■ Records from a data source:
_ _ _ _

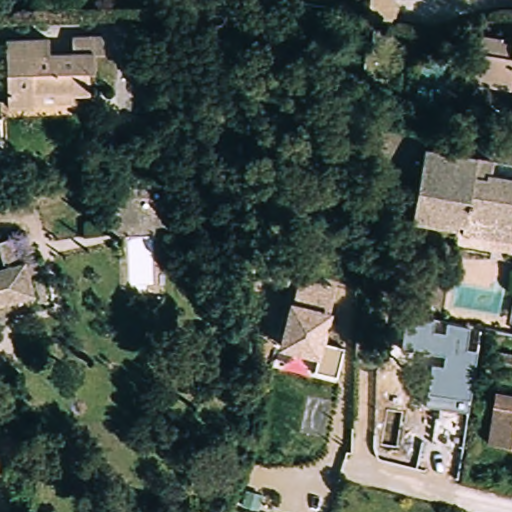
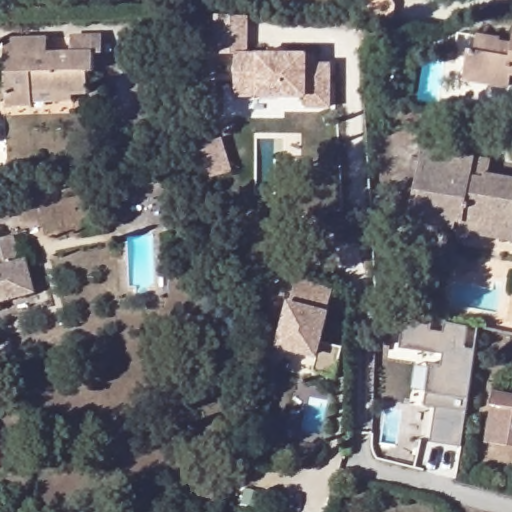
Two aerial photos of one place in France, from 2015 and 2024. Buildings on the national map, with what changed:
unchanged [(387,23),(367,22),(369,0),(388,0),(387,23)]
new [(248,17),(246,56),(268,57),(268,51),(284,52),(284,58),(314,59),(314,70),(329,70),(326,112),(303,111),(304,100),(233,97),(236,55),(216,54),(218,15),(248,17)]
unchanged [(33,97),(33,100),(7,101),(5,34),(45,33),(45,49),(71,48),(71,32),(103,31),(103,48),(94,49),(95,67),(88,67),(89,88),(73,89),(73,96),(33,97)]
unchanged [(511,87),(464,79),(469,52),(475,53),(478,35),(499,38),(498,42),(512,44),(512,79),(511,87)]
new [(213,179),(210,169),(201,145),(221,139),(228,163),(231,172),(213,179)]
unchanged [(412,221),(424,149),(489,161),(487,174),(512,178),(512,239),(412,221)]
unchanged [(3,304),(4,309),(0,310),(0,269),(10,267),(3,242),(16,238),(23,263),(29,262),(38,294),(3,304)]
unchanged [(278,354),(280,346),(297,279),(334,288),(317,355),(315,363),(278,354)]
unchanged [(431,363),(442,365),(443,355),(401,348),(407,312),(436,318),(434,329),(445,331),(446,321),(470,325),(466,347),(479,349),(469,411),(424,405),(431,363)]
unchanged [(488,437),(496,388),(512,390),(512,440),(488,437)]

_ _ _ _

■ WORK TASK:
Give every line of the data above again as it stands; the pictures stay out.

■ OUTPUT OF THE TASK:
Two aerial photos of one place in France, from 2015 and 2024. Buildings on the national map, with what changed:
unchanged [(387,23),(367,22),(369,0),(388,0),(387,23)]
new [(248,17),(246,56),(268,57),(268,51),(284,52),(284,58),(314,59),(314,70),(329,70),(326,112),(303,111),(304,100),(233,97),(236,55),(216,54),(218,15),(248,17)]
unchanged [(33,97),(33,100),(7,101),(5,34),(45,33),(45,49),(71,48),(71,32),(103,31),(103,48),(94,49),(95,67),(88,67),(89,88),(73,89),(73,96),(33,97)]
unchanged [(511,87),(464,79),(469,52),(475,53),(478,35),(499,38),(498,42),(512,44),(512,79),(511,87)]
new [(213,179),(210,169),(201,145),(221,139),(228,163),(231,172),(213,179)]
unchanged [(412,221),(424,149),(489,161),(487,174),(512,178),(512,239),(412,221)]
unchanged [(3,304),(4,309),(0,310),(0,269),(10,267),(3,242),(16,238),(23,263),(29,262),(38,294),(3,304)]
unchanged [(278,354),(280,346),(297,279),(334,288),(317,355),(315,363),(278,354)]
unchanged [(431,363),(442,365),(443,355),(401,348),(407,312),(436,318),(434,329),(445,331),(446,321),(470,325),(466,347),(479,349),(469,411),(424,405),(431,363)]
unchanged [(488,437),(496,388),(512,390),(512,440),(488,437)]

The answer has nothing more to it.